— What to do —
In your copy, include every line of the listing below exactly but none of the pictures.

— Dataset excerpts —
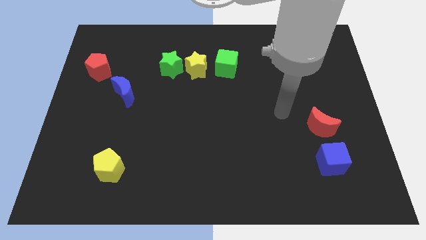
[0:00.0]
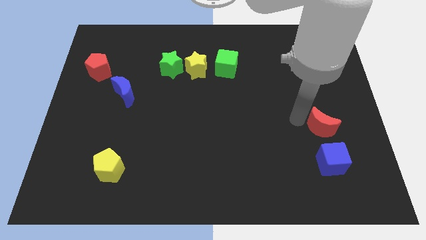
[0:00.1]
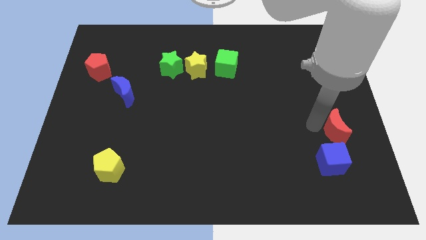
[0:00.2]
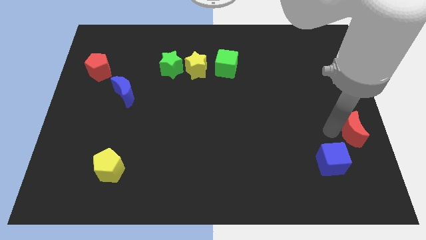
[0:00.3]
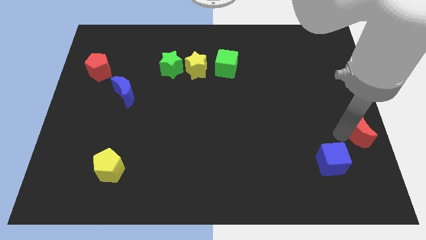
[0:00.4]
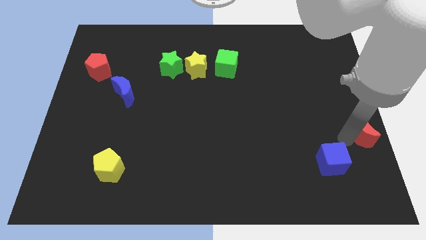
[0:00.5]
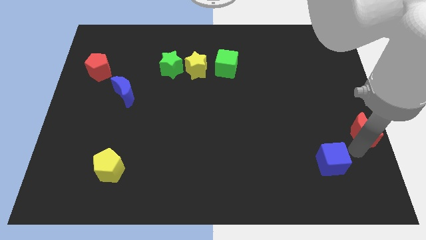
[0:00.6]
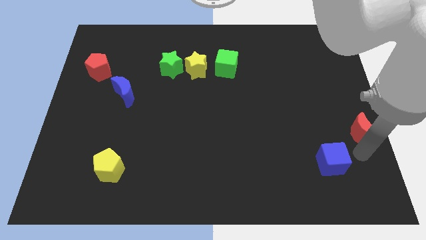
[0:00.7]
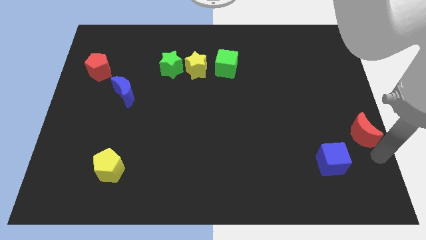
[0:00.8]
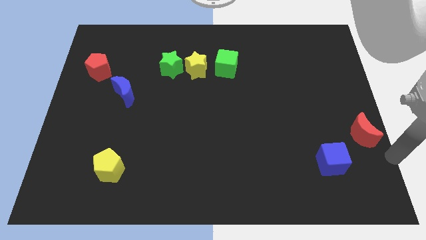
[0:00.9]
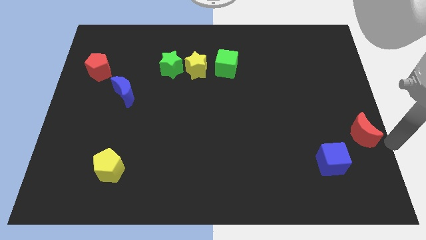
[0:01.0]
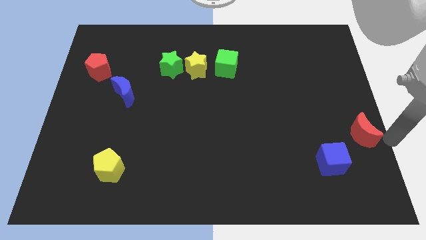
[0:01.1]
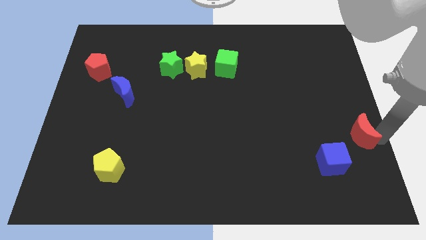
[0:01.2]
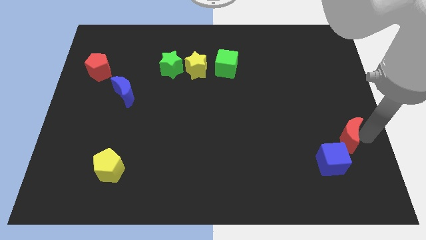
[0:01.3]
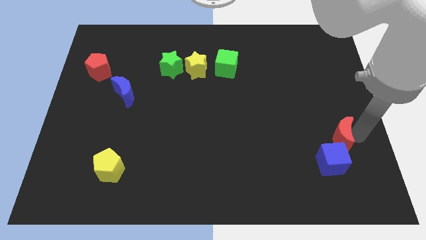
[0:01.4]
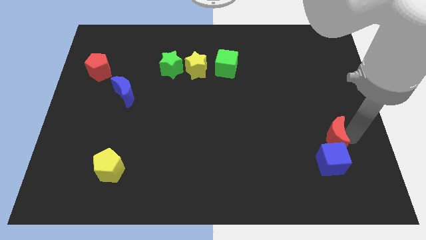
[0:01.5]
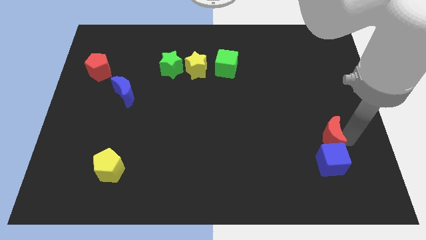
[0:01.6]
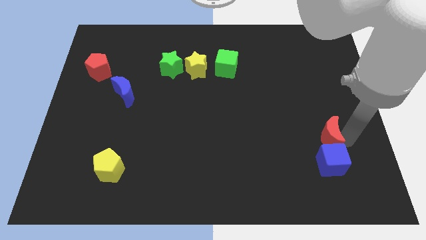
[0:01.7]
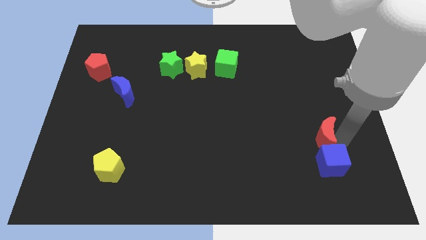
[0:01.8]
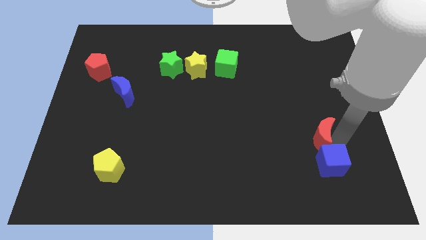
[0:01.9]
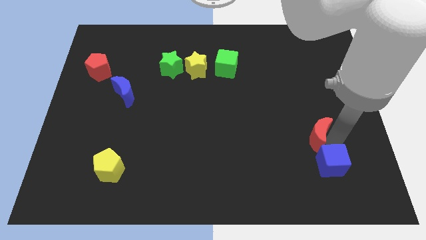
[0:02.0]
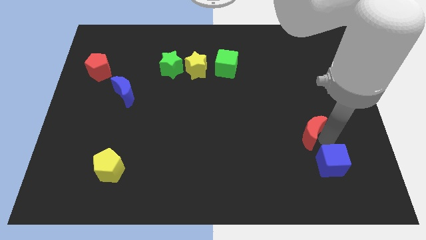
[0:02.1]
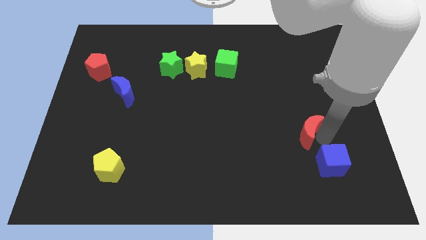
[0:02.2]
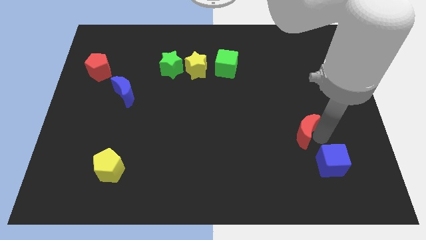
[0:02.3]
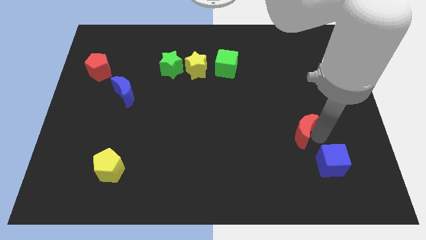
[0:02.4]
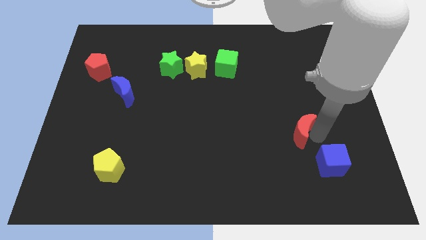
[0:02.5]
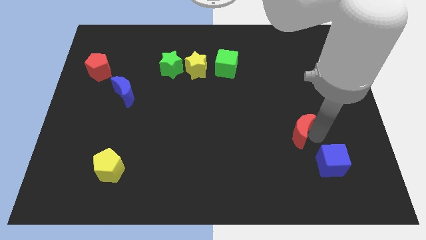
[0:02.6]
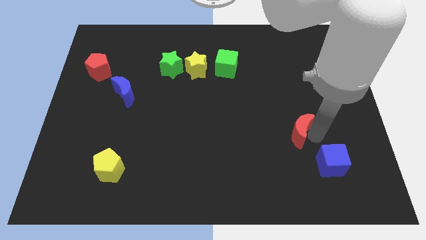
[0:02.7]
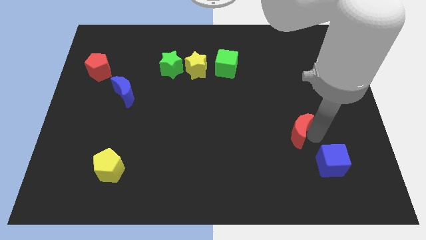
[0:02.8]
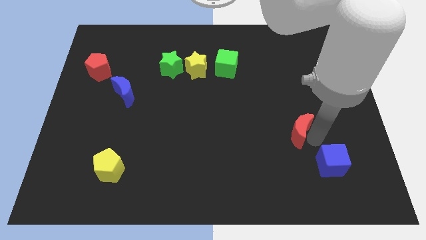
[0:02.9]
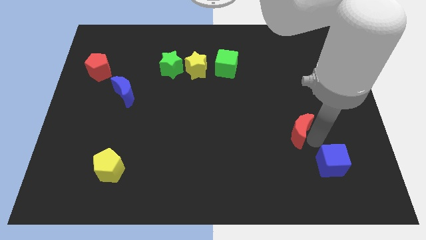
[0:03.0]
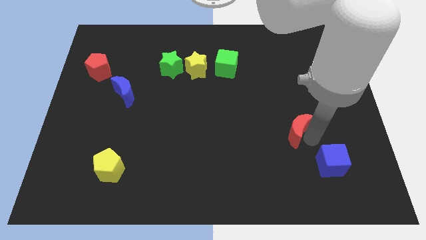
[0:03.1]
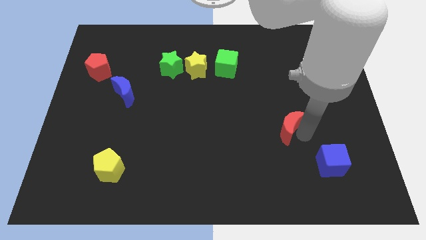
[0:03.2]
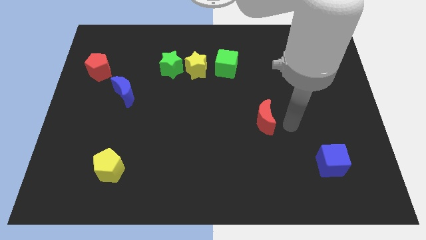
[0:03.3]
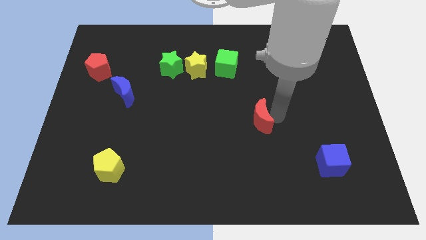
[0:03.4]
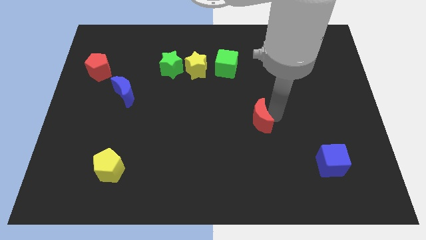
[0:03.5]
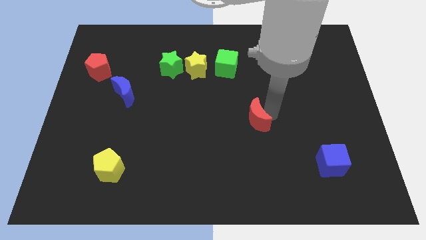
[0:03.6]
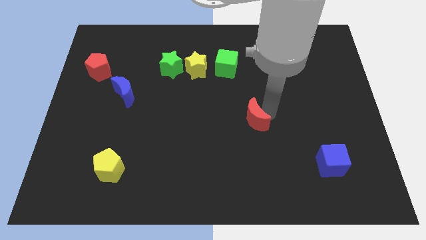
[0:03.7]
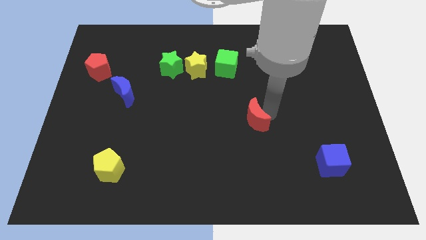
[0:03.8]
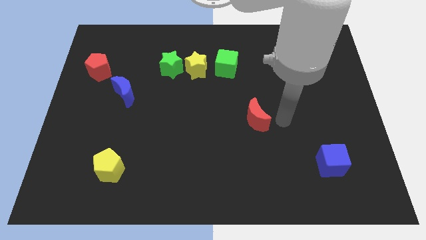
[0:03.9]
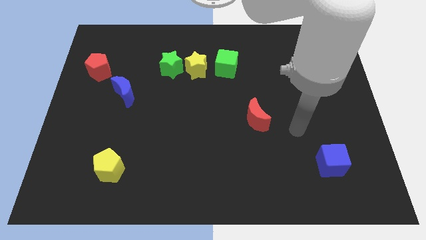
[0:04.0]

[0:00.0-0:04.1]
move the red crescent away from the blue cube

— Completed task —
[0:00.0]
[0:00.1]
[0:00.2]
[0:00.3]
[0:00.4]
[0:00.5]
[0:00.6]
[0:00.7]
[0:00.8]
[0:00.9]
[0:01.0]
[0:01.1]
[0:01.2]
[0:01.3]
[0:01.4]
[0:01.5]
[0:01.6]
[0:01.7]
[0:01.8]
[0:01.9]
[0:02.0]
[0:02.1]
[0:02.2]
[0:02.3]
[0:02.4]
[0:02.5]
[0:02.6]
[0:02.7]
[0:02.8]
[0:02.9]
[0:03.0]
[0:03.1]
[0:03.2]
[0:03.3]
[0:03.4]
[0:03.5]
[0:03.6]
[0:03.7]
[0:03.8]
[0:03.9]
[0:04.0]

[0:00.0-0:04.1]
move the red crescent away from the blue cube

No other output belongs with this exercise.